Given entries:

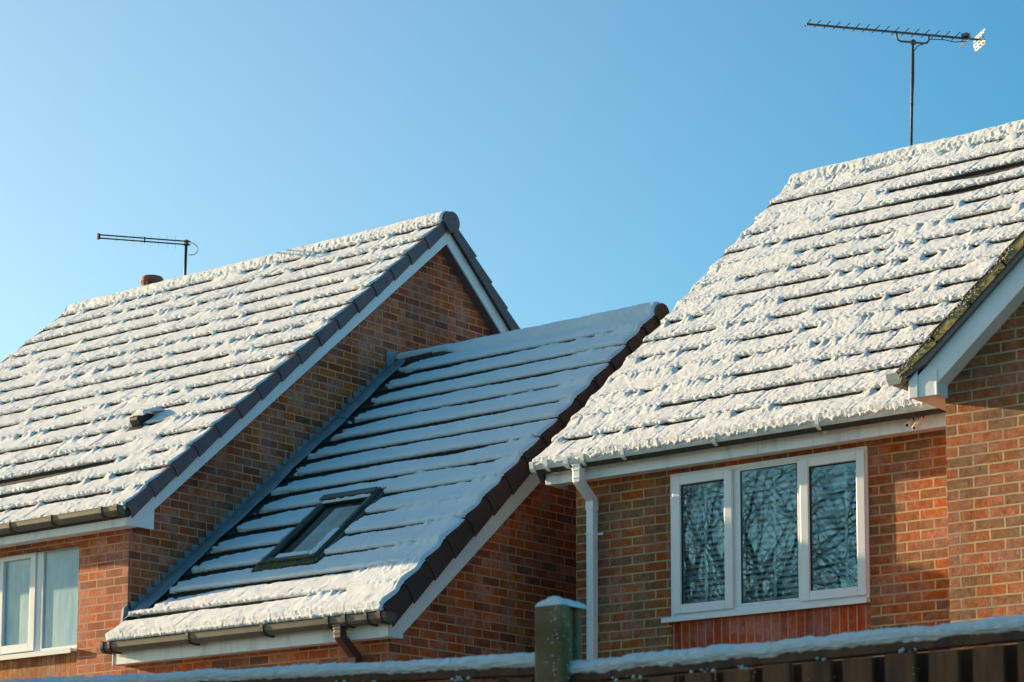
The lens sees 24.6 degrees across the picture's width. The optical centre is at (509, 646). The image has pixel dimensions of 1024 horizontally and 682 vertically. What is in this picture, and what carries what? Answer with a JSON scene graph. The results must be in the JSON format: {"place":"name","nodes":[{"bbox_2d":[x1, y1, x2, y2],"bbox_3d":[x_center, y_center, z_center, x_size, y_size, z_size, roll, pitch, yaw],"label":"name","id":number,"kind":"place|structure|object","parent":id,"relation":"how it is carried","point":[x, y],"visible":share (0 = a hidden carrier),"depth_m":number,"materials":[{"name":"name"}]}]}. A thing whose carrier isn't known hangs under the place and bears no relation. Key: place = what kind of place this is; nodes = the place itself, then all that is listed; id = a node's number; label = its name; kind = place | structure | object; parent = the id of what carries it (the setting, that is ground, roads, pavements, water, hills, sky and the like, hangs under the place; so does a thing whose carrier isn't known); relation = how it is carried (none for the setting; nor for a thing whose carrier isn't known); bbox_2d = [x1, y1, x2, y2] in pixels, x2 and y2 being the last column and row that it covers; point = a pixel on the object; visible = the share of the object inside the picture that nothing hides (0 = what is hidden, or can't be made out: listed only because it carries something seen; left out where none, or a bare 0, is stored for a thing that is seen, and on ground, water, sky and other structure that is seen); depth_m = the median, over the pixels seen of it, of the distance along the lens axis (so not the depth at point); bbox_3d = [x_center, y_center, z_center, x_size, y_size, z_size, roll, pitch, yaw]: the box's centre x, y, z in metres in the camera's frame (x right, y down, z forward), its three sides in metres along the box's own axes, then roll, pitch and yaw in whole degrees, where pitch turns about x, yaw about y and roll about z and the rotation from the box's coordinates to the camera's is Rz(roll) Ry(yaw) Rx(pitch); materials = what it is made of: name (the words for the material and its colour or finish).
{"place":"outdoors","nodes":[
{"label":"outdoors","id":0,"kind":"place"},
{"bbox_2d":[0,211,519,680],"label":"brick house","id":1,"kind":"structure","parent":0,"point":[152,427],"depth_m":22.73,"materials":[{"name":"tile"}]},
{"bbox_2d":[0,546,78,660],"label":"window","id":2,"kind":"structure","parent":1,"relation":"in","point":[39,590],"depth_m":21.33,"materials":[{"name":"plastic"}]},
{"bbox_2d":[97,233,197,274],"bbox_3d":[-4.104,-4.328,26.587,1.145,0.700,0.059,2,-7,-15],"label":"television aerial","id":3,"kind":"object","parent":1,"relation":"on","point":[185,243],"visible":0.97,"depth_m":26.66,"materials":[{"name":"black metal"}]},
{"bbox_2d":[0,0,1023,362],"label":"sky","id":4,"kind":"structure","parent":0,"point":[591,156],"materials":[{"name":"blue"}]},
{"bbox_2d":[529,119,1023,681],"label":"brick house","id":5,"kind":"structure","parent":0,"point":[865,315],"depth_m":18.56,"materials":[{"name":"tile"}]},
{"bbox_2d":[661,446,870,622],"bbox_3d":[1.946,-0.834,18.007,1.845,1.187,0.122,-5,-9,38],"label":"window","id":6,"kind":"structure","parent":5,"relation":"in","point":[734,604],"depth_m":18.01,"materials":[{"name":"plastic"}]},
{"bbox_2d":[683,462,857,603],"bbox_3d":[2.056,-0.841,18.095,1.730,1.180,0.070,-5,-9,38],"label":"venetian blind","id":7,"kind":"object","parent":5,"relation":"hanging from","point":[774,539],"visible":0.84,"depth_m":18.10,"materials":[{"name":"white plastic"}]},
{"bbox_2d":[804,19,985,145],"bbox_3d":[3.595,-5.156,21.916,1.740,1.330,0.264,2,-7,-12],"label":"television aerial","id":8,"kind":"object","parent":5,"relation":"on","point":[964,36],"visible":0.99,"depth_m":21.98,"materials":[{"name":"metal"}]},
{"label":"ground","id":9,"kind":"structure","parent":0,"visible":0},
{"bbox_2d":[0,652,534,681],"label":"timber fence","id":10,"kind":"object","parent":9,"relation":"on","point":[468,668],"visible":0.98,"depth_m":7.77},
{"bbox_2d":[100,301,669,681],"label":"brick extension","id":11,"kind":"object","parent":9,"relation":"on","point":[406,506],"visible":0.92,"depth_m":20.11,"materials":[{"name":"tile"}]},
{"bbox_2d":[251,487,386,571],"bbox_3d":[-1.593,-0.932,20.292,0.740,0.976,1.060,-5,-9,38],"label":"roof window","id":12,"kind":"structure","parent":11,"relation":"in","point":[347,507],"depth_m":20.27,"materials":[{"name":"black glass"}]},
{"bbox_2d":[535,596,586,681],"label":"fence post","id":13,"kind":"object","parent":9,"relation":"on","point":[558,634],"visible":1,"depth_m":7.24,"materials":[{"name":"wood"}]},
{"bbox_2d":[569,614,1023,681],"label":"timber fence","id":14,"kind":"object","parent":9,"relation":"on","point":[902,660],"visible":1,"depth_m":6.61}
]}

Exercise objective:
The answer must be the full listing above, copied exactly, with no pictures in it.

Finished task:
The lens sees 24.6 degrees across the picture's width. The optical centre is at (509, 646). The image has pixel dimensions of 1024 horizontally and 682 vertically. What is in this picture, and what carries what? Answer with a JSON scene graph. The results must be in the JSON format: {"place":"name","nodes":[{"bbox_2d":[x1, y1, x2, y2],"bbox_3d":[x_center, y_center, z_center, x_size, y_size, z_size, roll, pitch, yaw],"label":"name","id":number,"kind":"place|structure|object","parent":id,"relation":"how it is carried","point":[x, y],"visible":share (0 = a hidden carrier),"depth_m":number,"materials":[{"name":"name"}]}]}. A thing whose carrier isn't known hangs under the place and bears no relation. Key: place = what kind of place this is; nodes = the place itself, then all that is listed; id = a node's number; label = its name; kind = place | structure | object; parent = the id of what carries it (the setting, that is ground, roads, pavements, water, hills, sky and the like, hangs under the place; so does a thing whose carrier isn't known); relation = how it is carried (none for the setting; nor for a thing whose carrier isn't known); bbox_2d = [x1, y1, x2, y2] in pixels, x2 and y2 being the last column and row that it covers; point = a pixel on the object; visible = the share of the object inside the picture that nothing hides (0 = what is hidden, or can't be made out: listed only because it carries something seen; left out where none, or a bare 0, is stored for a thing that is seen, and on ground, water, sky and other structure that is seen); depth_m = the median, over the pixels seen of it, of the distance along the lens axis (so not the depth at point); bbox_3d = [x_center, y_center, z_center, x_size, y_size, z_size, roll, pitch, yaw]: the box's centre x, y, z in metres in the camera's frame (x right, y down, z forward), its three sides in metres along the box's own axes, then roll, pitch and yaw in whole degrees, where pitch turns about x, yaw about y and roll about z and the rotation from the box's coordinates to the camera's is Rz(roll) Ry(yaw) Rx(pitch); materials = what it is made of: name (the words for the material and its colour or finish).
{"place":"outdoors","nodes":[
{"label":"outdoors","id":0,"kind":"place"},
{"bbox_2d":[0,211,519,680],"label":"brick house","id":1,"kind":"structure","parent":0,"point":[152,427],"depth_m":22.73,"materials":[{"name":"tile"}]},
{"bbox_2d":[0,546,78,660],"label":"window","id":2,"kind":"structure","parent":1,"relation":"in","point":[39,590],"depth_m":21.33,"materials":[{"name":"plastic"}]},
{"bbox_2d":[97,233,197,274],"bbox_3d":[-4.104,-4.328,26.587,1.145,0.700,0.059,2,-7,-15],"label":"television aerial","id":3,"kind":"object","parent":1,"relation":"on","point":[185,243],"visible":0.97,"depth_m":26.66,"materials":[{"name":"black metal"}]},
{"bbox_2d":[0,0,1023,362],"label":"sky","id":4,"kind":"structure","parent":0,"point":[591,156],"materials":[{"name":"blue"}]},
{"bbox_2d":[529,119,1023,681],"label":"brick house","id":5,"kind":"structure","parent":0,"point":[865,315],"depth_m":18.56,"materials":[{"name":"tile"}]},
{"bbox_2d":[661,446,870,622],"bbox_3d":[1.946,-0.834,18.007,1.845,1.187,0.122,-5,-9,38],"label":"window","id":6,"kind":"structure","parent":5,"relation":"in","point":[734,604],"depth_m":18.01,"materials":[{"name":"plastic"}]},
{"bbox_2d":[683,462,857,603],"bbox_3d":[2.056,-0.841,18.095,1.730,1.180,0.070,-5,-9,38],"label":"venetian blind","id":7,"kind":"object","parent":5,"relation":"hanging from","point":[774,539],"visible":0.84,"depth_m":18.10,"materials":[{"name":"white plastic"}]},
{"bbox_2d":[804,19,985,145],"bbox_3d":[3.595,-5.156,21.916,1.740,1.330,0.264,2,-7,-12],"label":"television aerial","id":8,"kind":"object","parent":5,"relation":"on","point":[964,36],"visible":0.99,"depth_m":21.98,"materials":[{"name":"metal"}]},
{"label":"ground","id":9,"kind":"structure","parent":0,"visible":0},
{"bbox_2d":[0,652,534,681],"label":"timber fence","id":10,"kind":"object","parent":9,"relation":"on","point":[468,668],"visible":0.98,"depth_m":7.77},
{"bbox_2d":[100,301,669,681],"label":"brick extension","id":11,"kind":"object","parent":9,"relation":"on","point":[406,506],"visible":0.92,"depth_m":20.11,"materials":[{"name":"tile"}]},
{"bbox_2d":[251,487,386,571],"bbox_3d":[-1.593,-0.932,20.292,0.740,0.976,1.060,-5,-9,38],"label":"roof window","id":12,"kind":"structure","parent":11,"relation":"in","point":[347,507],"depth_m":20.27,"materials":[{"name":"black glass"}]},
{"bbox_2d":[535,596,586,681],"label":"fence post","id":13,"kind":"object","parent":9,"relation":"on","point":[558,634],"visible":1,"depth_m":7.24,"materials":[{"name":"wood"}]},
{"bbox_2d":[569,614,1023,681],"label":"timber fence","id":14,"kind":"object","parent":9,"relation":"on","point":[902,660],"visible":1,"depth_m":6.61}
]}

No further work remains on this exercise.